Не этот ли самый процесс воспитания, иначе — перерождения и вырождения, проделывается в России не над отдельным мужиком, но над целым народом и в течение почти двух веков со времени реформы Петра Великого? Не этому ли процессу обязаны мы современным умственным и нравственным состоянием русского общества, с его путаницей, — общества, в широком смысле этого слова, от первых ступеней до нижних, от правящих сфер включительно до мелочных лавочников? Не здесь ли надо искать разгадку всех наших недугов и зол, начиная от бюрократии и кончая революционным терроризмом, — а ключ этой разгадки не указывается ли нам уже давно в бессмертных творениях наших сатириков, — не торчит ли он на наших глазах всюду, и в самых этих забавных вывесках, нами столько раз помянутых?..

Нам возразят: тут не цивилизация, не просвещение вообще виновато, а ложное просвещение… Да, именно в этом все и дело. Вся беда от ложного просвещения, каковым мы просвещались почти два столетия, просвещаемся и теперь.
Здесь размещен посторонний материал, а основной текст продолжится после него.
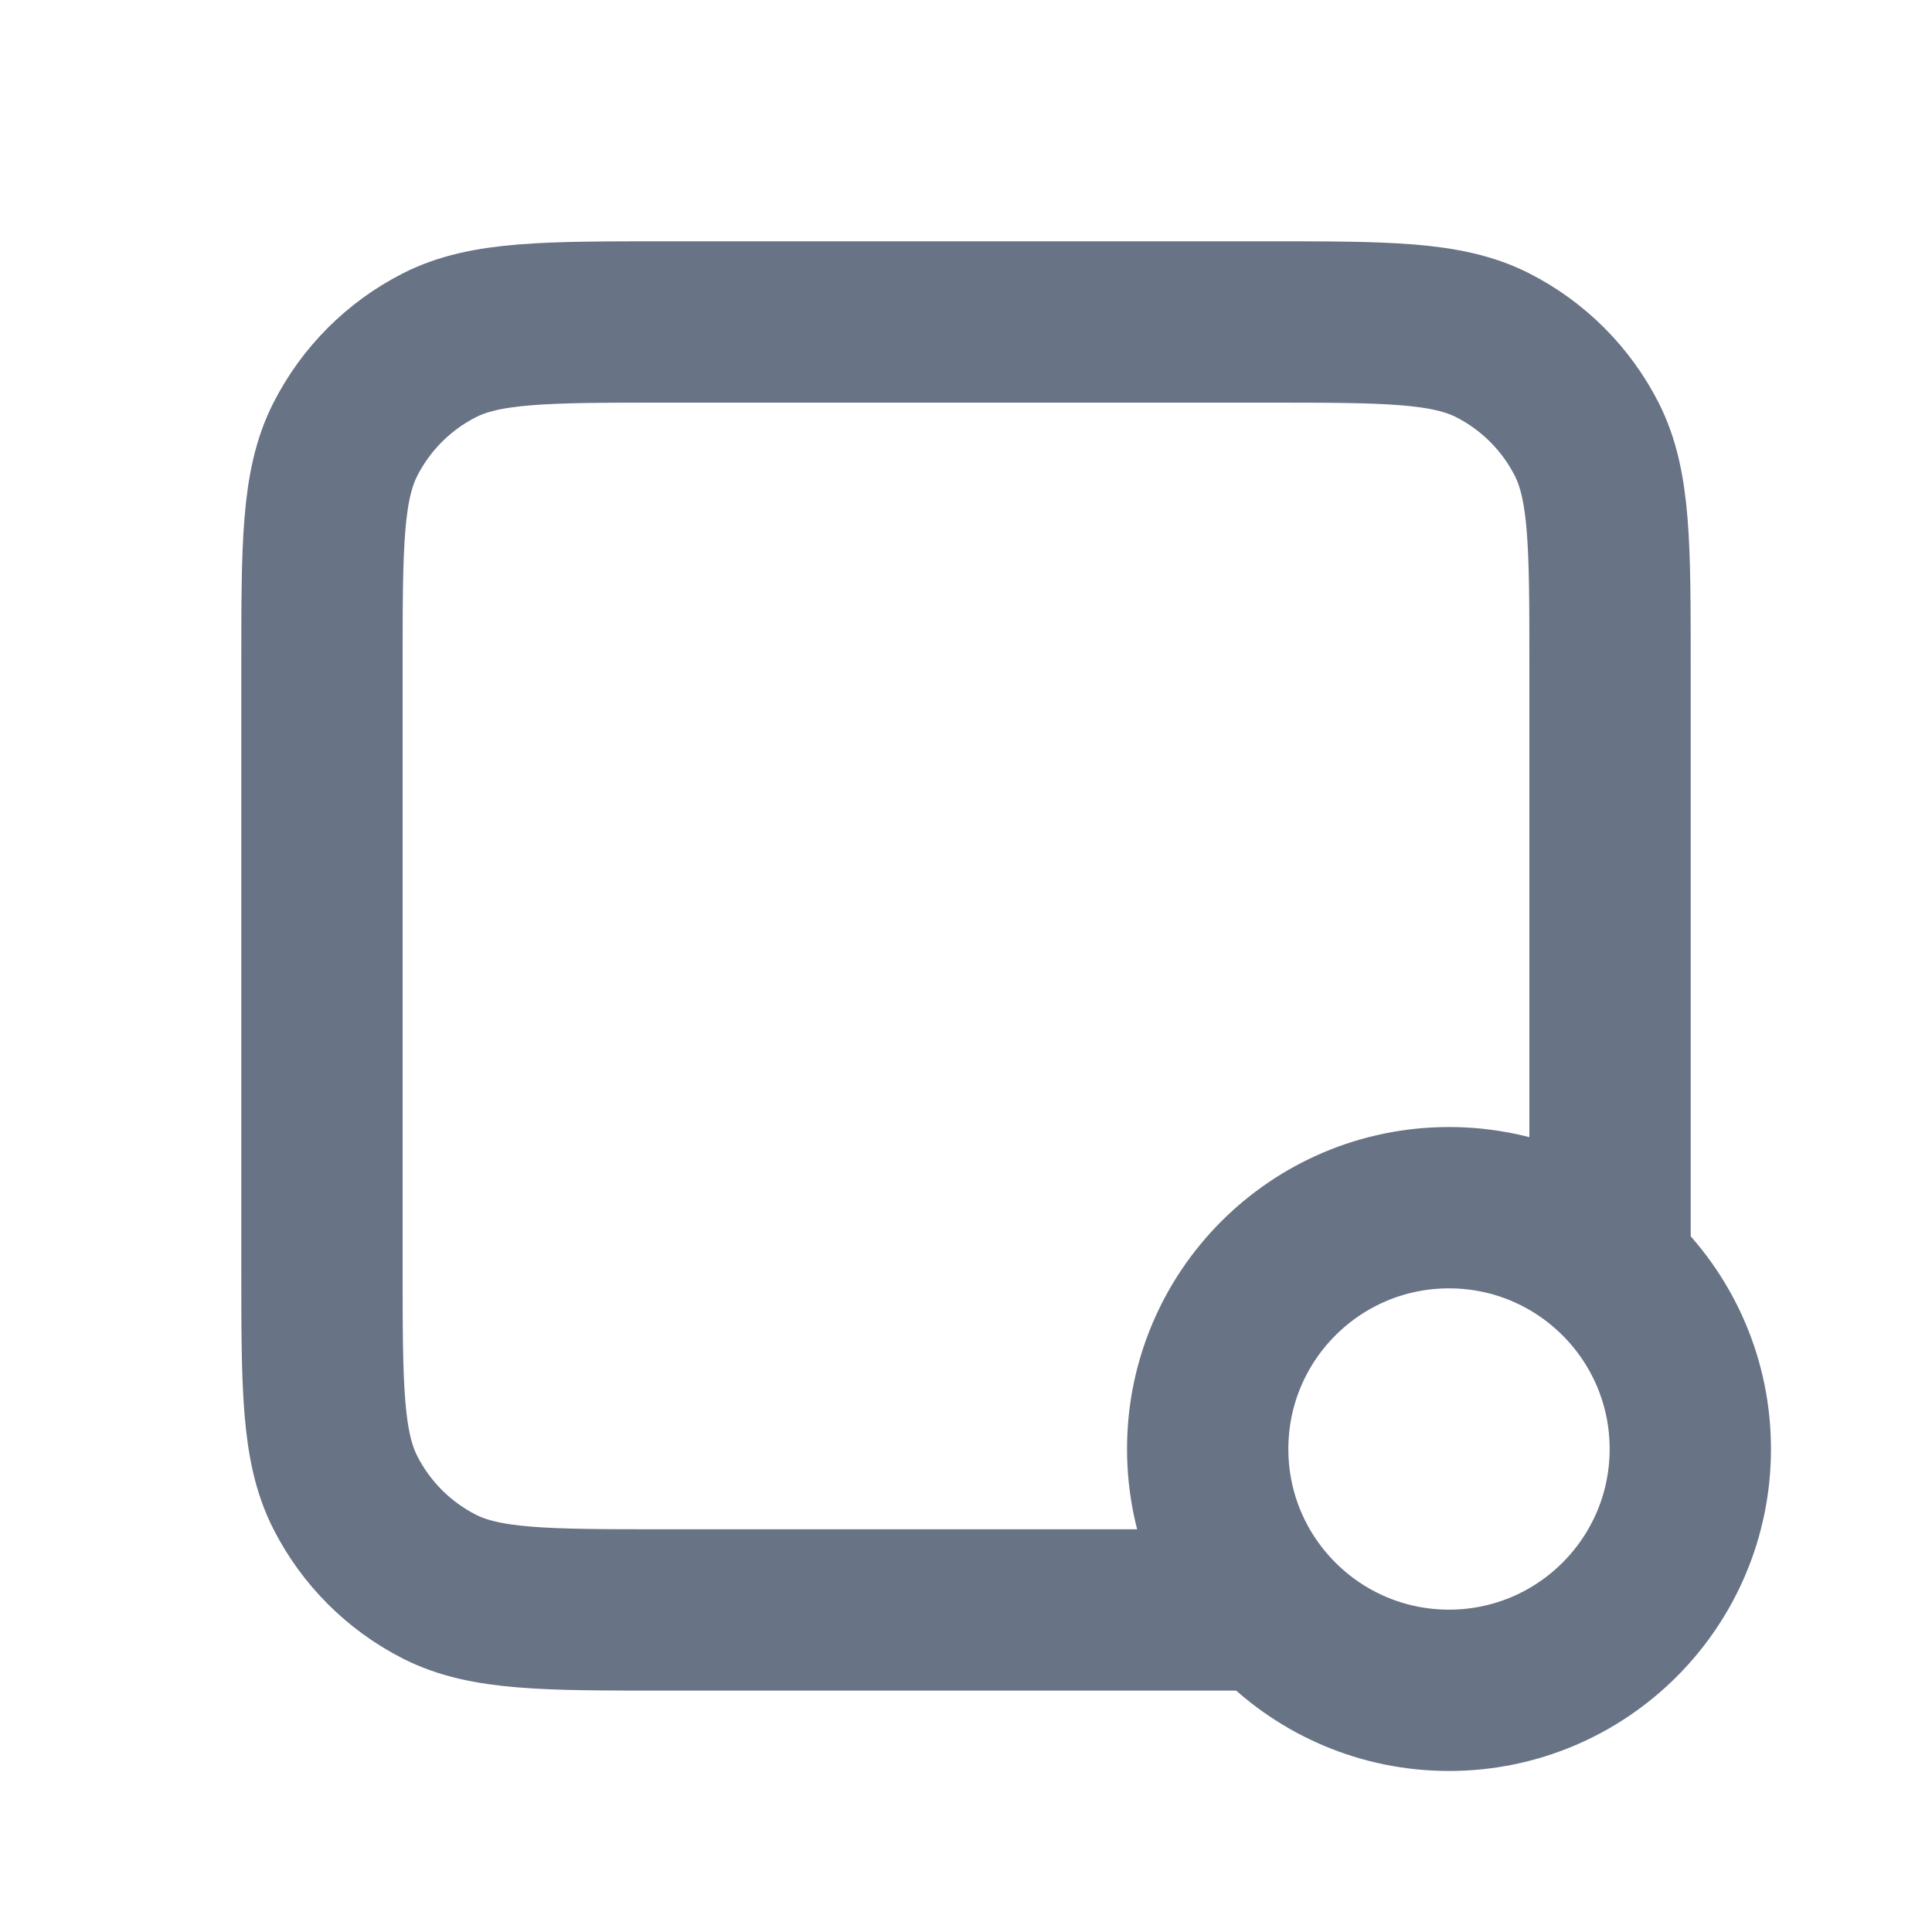 <svg width="20" height="20" viewBox="0 0 20 20" fill="none" xmlns="http://www.w3.org/2000/svg">
<path d="M16.667 13.111V6.889C16.667 5.644 16.667 5.022 16.425 4.546C16.212 4.128 15.872 3.788 15.454 3.575C14.978 3.333 14.356 3.333 13.111 3.333H6.889C5.645 3.333 5.022 3.333 4.547 3.575C4.129 3.788 3.789 4.128 3.576 4.546C3.333 5.022 3.333 5.644 3.333 6.889V13.111C3.333 14.355 3.333 14.978 3.576 15.453C3.789 15.871 4.129 16.211 4.547 16.424C5.022 16.666 5.644 16.666 6.889 16.666H13.111" stroke="#687385" stroke-width="1.67" stroke-linecap="round" stroke-linejoin="round"/>
<circle cx="15" cy="15" r="2.498" stroke="#687385" stroke-width="1.67"/>
</svg>

Нужно только именно признать, что оно было и есть ложно, то есть пошло лживым путем с самого начала, денационализируя русского человека, растлевая, охолащивая его. (Мы разумеем здесь, конечно, не все русское общество, не тех, которые тяжким трудом или талантом высвободились из плена, а большинство просвещаемых). А вот этого-то признания наши западники и не хотят сделать и еще сильнее ратуют за следование путем подражаний и фасадов, отрицают самый принцип духовной самобытности. Мудрено ли однако, что народ, видя себе в перспективе тот последовательный ряд перерождений, который мы выше охарактеризовали во образе русской мадамы, казенного чиновника, бюрократа, социало-демократа, анархиста и террориста, отвращается инстинктивно от нашего просвещения? Мудрено ли, что у умнейшего народа в мире — общество самое пустейшее, самое безнародное, наука — почти бесплодная, и такая страшная скудость духа, скудость творчества в жизни?

Впервые опубликовано: «Русь». 1882. N 39, 25 сентября. С. 1-4.

Иван Сергеевич Аксаков (1823—1886), русский публицист, поэт и общественный деятель.